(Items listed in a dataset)
* * *

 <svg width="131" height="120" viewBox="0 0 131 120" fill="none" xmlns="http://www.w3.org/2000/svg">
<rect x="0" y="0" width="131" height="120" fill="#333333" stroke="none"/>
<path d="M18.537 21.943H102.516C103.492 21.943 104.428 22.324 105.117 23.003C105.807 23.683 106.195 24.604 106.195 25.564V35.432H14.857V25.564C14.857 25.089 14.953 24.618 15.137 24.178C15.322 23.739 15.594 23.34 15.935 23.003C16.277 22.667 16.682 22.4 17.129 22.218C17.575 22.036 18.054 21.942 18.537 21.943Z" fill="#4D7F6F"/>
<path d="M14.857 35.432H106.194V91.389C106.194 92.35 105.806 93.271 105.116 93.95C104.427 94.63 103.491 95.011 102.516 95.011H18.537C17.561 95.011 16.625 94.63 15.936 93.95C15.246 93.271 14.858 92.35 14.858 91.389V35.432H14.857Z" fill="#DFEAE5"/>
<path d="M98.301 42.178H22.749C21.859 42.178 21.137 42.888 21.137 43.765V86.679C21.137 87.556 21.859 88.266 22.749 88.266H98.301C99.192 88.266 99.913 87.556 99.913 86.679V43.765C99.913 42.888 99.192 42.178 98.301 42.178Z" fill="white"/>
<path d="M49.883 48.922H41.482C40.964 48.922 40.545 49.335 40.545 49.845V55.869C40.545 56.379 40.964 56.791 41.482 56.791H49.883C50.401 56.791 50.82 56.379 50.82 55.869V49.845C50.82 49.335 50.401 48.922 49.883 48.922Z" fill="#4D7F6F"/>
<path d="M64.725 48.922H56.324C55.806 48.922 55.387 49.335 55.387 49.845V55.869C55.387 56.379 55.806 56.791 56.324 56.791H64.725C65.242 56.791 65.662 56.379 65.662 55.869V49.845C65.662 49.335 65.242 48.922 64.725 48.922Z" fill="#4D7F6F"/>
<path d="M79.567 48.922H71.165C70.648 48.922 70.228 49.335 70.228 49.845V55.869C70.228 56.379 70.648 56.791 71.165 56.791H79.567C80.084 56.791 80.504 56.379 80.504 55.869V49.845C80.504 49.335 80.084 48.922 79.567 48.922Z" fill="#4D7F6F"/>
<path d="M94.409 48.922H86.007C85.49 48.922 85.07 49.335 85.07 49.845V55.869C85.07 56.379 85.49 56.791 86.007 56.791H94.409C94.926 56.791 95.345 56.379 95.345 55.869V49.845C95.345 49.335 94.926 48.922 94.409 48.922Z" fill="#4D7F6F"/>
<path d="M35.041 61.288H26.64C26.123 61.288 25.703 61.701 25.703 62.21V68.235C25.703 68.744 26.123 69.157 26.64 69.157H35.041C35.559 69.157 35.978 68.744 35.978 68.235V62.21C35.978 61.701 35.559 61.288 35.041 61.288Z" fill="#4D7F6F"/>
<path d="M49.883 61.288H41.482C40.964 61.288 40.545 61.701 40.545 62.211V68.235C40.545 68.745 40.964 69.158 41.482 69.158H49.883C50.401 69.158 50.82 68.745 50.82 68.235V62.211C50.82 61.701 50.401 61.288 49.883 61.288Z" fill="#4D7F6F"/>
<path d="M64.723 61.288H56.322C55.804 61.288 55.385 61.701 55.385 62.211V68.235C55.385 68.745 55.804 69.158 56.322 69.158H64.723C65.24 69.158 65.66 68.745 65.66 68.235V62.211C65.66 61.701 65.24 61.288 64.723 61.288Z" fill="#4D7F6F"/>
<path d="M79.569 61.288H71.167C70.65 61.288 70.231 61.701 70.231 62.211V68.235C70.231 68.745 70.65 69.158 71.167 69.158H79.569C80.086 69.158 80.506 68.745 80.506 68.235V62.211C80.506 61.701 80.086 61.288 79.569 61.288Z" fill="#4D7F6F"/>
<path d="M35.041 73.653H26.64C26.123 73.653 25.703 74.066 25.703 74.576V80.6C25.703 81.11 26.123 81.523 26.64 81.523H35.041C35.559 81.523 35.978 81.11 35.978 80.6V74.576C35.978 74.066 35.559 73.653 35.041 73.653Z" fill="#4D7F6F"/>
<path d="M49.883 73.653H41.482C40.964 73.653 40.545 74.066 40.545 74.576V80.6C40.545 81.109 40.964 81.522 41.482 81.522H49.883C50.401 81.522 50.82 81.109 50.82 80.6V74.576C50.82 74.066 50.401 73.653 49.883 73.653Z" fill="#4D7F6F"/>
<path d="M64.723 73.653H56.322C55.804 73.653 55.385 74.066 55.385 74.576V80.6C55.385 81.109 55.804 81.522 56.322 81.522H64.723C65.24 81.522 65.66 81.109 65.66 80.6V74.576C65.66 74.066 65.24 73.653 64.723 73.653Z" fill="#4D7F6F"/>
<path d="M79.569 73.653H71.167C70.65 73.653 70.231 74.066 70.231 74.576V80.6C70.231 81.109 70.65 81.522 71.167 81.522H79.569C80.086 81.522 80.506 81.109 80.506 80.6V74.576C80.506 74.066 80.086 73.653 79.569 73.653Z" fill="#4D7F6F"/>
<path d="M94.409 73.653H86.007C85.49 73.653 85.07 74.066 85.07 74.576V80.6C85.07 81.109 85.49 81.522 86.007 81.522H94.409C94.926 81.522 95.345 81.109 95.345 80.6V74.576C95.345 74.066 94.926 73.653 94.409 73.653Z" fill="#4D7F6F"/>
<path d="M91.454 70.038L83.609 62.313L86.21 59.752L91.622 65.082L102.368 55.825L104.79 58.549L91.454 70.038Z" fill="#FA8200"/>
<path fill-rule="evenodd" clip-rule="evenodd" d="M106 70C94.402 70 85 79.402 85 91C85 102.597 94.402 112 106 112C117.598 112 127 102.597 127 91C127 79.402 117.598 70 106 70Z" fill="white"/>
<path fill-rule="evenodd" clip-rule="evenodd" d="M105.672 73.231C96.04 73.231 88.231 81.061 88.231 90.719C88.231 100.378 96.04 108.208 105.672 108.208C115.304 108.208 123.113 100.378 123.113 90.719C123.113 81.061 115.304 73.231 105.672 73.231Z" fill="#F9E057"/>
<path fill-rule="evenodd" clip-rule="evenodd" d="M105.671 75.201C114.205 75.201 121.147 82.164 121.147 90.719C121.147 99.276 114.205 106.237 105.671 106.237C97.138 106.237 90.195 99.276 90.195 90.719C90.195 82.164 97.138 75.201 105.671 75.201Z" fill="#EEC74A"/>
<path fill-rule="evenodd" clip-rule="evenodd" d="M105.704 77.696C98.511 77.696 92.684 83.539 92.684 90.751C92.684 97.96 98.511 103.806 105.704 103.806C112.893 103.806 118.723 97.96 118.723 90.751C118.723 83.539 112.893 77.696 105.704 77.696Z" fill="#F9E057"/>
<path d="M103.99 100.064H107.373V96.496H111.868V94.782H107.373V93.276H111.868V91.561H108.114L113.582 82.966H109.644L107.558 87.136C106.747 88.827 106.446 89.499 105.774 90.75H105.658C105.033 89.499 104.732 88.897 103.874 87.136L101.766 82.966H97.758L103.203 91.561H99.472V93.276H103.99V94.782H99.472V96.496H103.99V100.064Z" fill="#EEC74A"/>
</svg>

* * *

● Assignment
A word-for-word copy of all the entries is required.

● Finished exercise
 <svg width="131" height="120" viewBox="0 0 131 120" fill="none" xmlns="http://www.w3.org/2000/svg">
<rect x="0" y="0" width="131" height="120" fill="#333333" stroke="none"/>
<path d="M18.537 21.943H102.516C103.492 21.943 104.428 22.324 105.117 23.003C105.807 23.683 106.195 24.604 106.195 25.564V35.432H14.857V25.564C14.857 25.089 14.953 24.618 15.137 24.178C15.322 23.739 15.594 23.34 15.935 23.003C16.277 22.667 16.682 22.4 17.129 22.218C17.575 22.036 18.054 21.942 18.537 21.943Z" fill="#4D7F6F"/>
<path d="M14.857 35.432H106.194V91.389C106.194 92.35 105.806 93.271 105.116 93.95C104.427 94.63 103.491 95.011 102.516 95.011H18.537C17.561 95.011 16.625 94.63 15.936 93.95C15.246 93.271 14.858 92.35 14.858 91.389V35.432H14.857Z" fill="#DFEAE5"/>
<path d="M98.301 42.178H22.749C21.859 42.178 21.137 42.888 21.137 43.765V86.679C21.137 87.556 21.859 88.266 22.749 88.266H98.301C99.192 88.266 99.913 87.556 99.913 86.679V43.765C99.913 42.888 99.192 42.178 98.301 42.178Z" fill="white"/>
<path d="M49.883 48.922H41.482C40.964 48.922 40.545 49.335 40.545 49.845V55.869C40.545 56.379 40.964 56.791 41.482 56.791H49.883C50.401 56.791 50.82 56.379 50.82 55.869V49.845C50.82 49.335 50.401 48.922 49.883 48.922Z" fill="#4D7F6F"/>
<path d="M64.725 48.922H56.324C55.806 48.922 55.387 49.335 55.387 49.845V55.869C55.387 56.379 55.806 56.791 56.324 56.791H64.725C65.242 56.791 65.662 56.379 65.662 55.869V49.845C65.662 49.335 65.242 48.922 64.725 48.922Z" fill="#4D7F6F"/>
<path d="M79.567 48.922H71.165C70.648 48.922 70.228 49.335 70.228 49.845V55.869C70.228 56.379 70.648 56.791 71.165 56.791H79.567C80.084 56.791 80.504 56.379 80.504 55.869V49.845C80.504 49.335 80.084 48.922 79.567 48.922Z" fill="#4D7F6F"/>
<path d="M94.409 48.922H86.007C85.49 48.922 85.07 49.335 85.07 49.845V55.869C85.07 56.379 85.49 56.791 86.007 56.791H94.409C94.926 56.791 95.345 56.379 95.345 55.869V49.845C95.345 49.335 94.926 48.922 94.409 48.922Z" fill="#4D7F6F"/>
<path d="M35.041 61.288H26.64C26.123 61.288 25.703 61.701 25.703 62.21V68.235C25.703 68.744 26.123 69.157 26.64 69.157H35.041C35.559 69.157 35.978 68.744 35.978 68.235V62.21C35.978 61.701 35.559 61.288 35.041 61.288Z" fill="#4D7F6F"/>
<path d="M49.883 61.288H41.482C40.964 61.288 40.545 61.701 40.545 62.211V68.235C40.545 68.745 40.964 69.158 41.482 69.158H49.883C50.401 69.158 50.82 68.745 50.82 68.235V62.211C50.82 61.701 50.401 61.288 49.883 61.288Z" fill="#4D7F6F"/>
<path d="M64.723 61.288H56.322C55.804 61.288 55.385 61.701 55.385 62.211V68.235C55.385 68.745 55.804 69.158 56.322 69.158H64.723C65.24 69.158 65.66 68.745 65.66 68.235V62.211C65.66 61.701 65.24 61.288 64.723 61.288Z" fill="#4D7F6F"/>
<path d="M79.569 61.288H71.167C70.65 61.288 70.231 61.701 70.231 62.211V68.235C70.231 68.745 70.65 69.158 71.167 69.158H79.569C80.086 69.158 80.506 68.745 80.506 68.235V62.211C80.506 61.701 80.086 61.288 79.569 61.288Z" fill="#4D7F6F"/>
<path d="M35.041 73.653H26.64C26.123 73.653 25.703 74.066 25.703 74.576V80.6C25.703 81.11 26.123 81.523 26.64 81.523H35.041C35.559 81.523 35.978 81.11 35.978 80.6V74.576C35.978 74.066 35.559 73.653 35.041 73.653Z" fill="#4D7F6F"/>
<path d="M49.883 73.653H41.482C40.964 73.653 40.545 74.066 40.545 74.576V80.6C40.545 81.109 40.964 81.522 41.482 81.522H49.883C50.401 81.522 50.82 81.109 50.82 80.6V74.576C50.82 74.066 50.401 73.653 49.883 73.653Z" fill="#4D7F6F"/>
<path d="M64.723 73.653H56.322C55.804 73.653 55.385 74.066 55.385 74.576V80.6C55.385 81.109 55.804 81.522 56.322 81.522H64.723C65.24 81.522 65.66 81.109 65.66 80.6V74.576C65.66 74.066 65.24 73.653 64.723 73.653Z" fill="#4D7F6F"/>
<path d="M79.569 73.653H71.167C70.65 73.653 70.231 74.066 70.231 74.576V80.6C70.231 81.109 70.65 81.522 71.167 81.522H79.569C80.086 81.522 80.506 81.109 80.506 80.6V74.576C80.506 74.066 80.086 73.653 79.569 73.653Z" fill="#4D7F6F"/>
<path d="M94.409 73.653H86.007C85.49 73.653 85.07 74.066 85.07 74.576V80.6C85.07 81.109 85.49 81.522 86.007 81.522H94.409C94.926 81.522 95.345 81.109 95.345 80.6V74.576C95.345 74.066 94.926 73.653 94.409 73.653Z" fill="#4D7F6F"/>
<path d="M91.454 70.038L83.609 62.313L86.21 59.752L91.622 65.082L102.368 55.825L104.79 58.549L91.454 70.038Z" fill="#FA8200"/>
<path fill-rule="evenodd" clip-rule="evenodd" d="M106 70C94.402 70 85 79.402 85 91C85 102.597 94.402 112 106 112C117.598 112 127 102.597 127 91C127 79.402 117.598 70 106 70Z" fill="white"/>
<path fill-rule="evenodd" clip-rule="evenodd" d="M105.672 73.231C96.04 73.231 88.231 81.061 88.231 90.719C88.231 100.378 96.04 108.208 105.672 108.208C115.304 108.208 123.113 100.378 123.113 90.719C123.113 81.061 115.304 73.231 105.672 73.231Z" fill="#F9E057"/>
<path fill-rule="evenodd" clip-rule="evenodd" d="M105.671 75.201C114.205 75.201 121.147 82.164 121.147 90.719C121.147 99.276 114.205 106.237 105.671 106.237C97.138 106.237 90.195 99.276 90.195 90.719C90.195 82.164 97.138 75.201 105.671 75.201Z" fill="#EEC74A"/>
<path fill-rule="evenodd" clip-rule="evenodd" d="M105.704 77.696C98.511 77.696 92.684 83.539 92.684 90.751C92.684 97.96 98.511 103.806 105.704 103.806C112.893 103.806 118.723 97.96 118.723 90.751C118.723 83.539 112.893 77.696 105.704 77.696Z" fill="#F9E057"/>
<path d="M103.99 100.064H107.373V96.496H111.868V94.782H107.373V93.276H111.868V91.561H108.114L113.582 82.966H109.644L107.558 87.136C106.747 88.827 106.446 89.499 105.774 90.75H105.658C105.033 89.499 104.732 88.897 103.874 87.136L101.766 82.966H97.758L103.203 91.561H99.472V93.276H103.99V94.782H99.472V96.496H103.99V100.064Z" fill="#EEC74A"/>
</svg>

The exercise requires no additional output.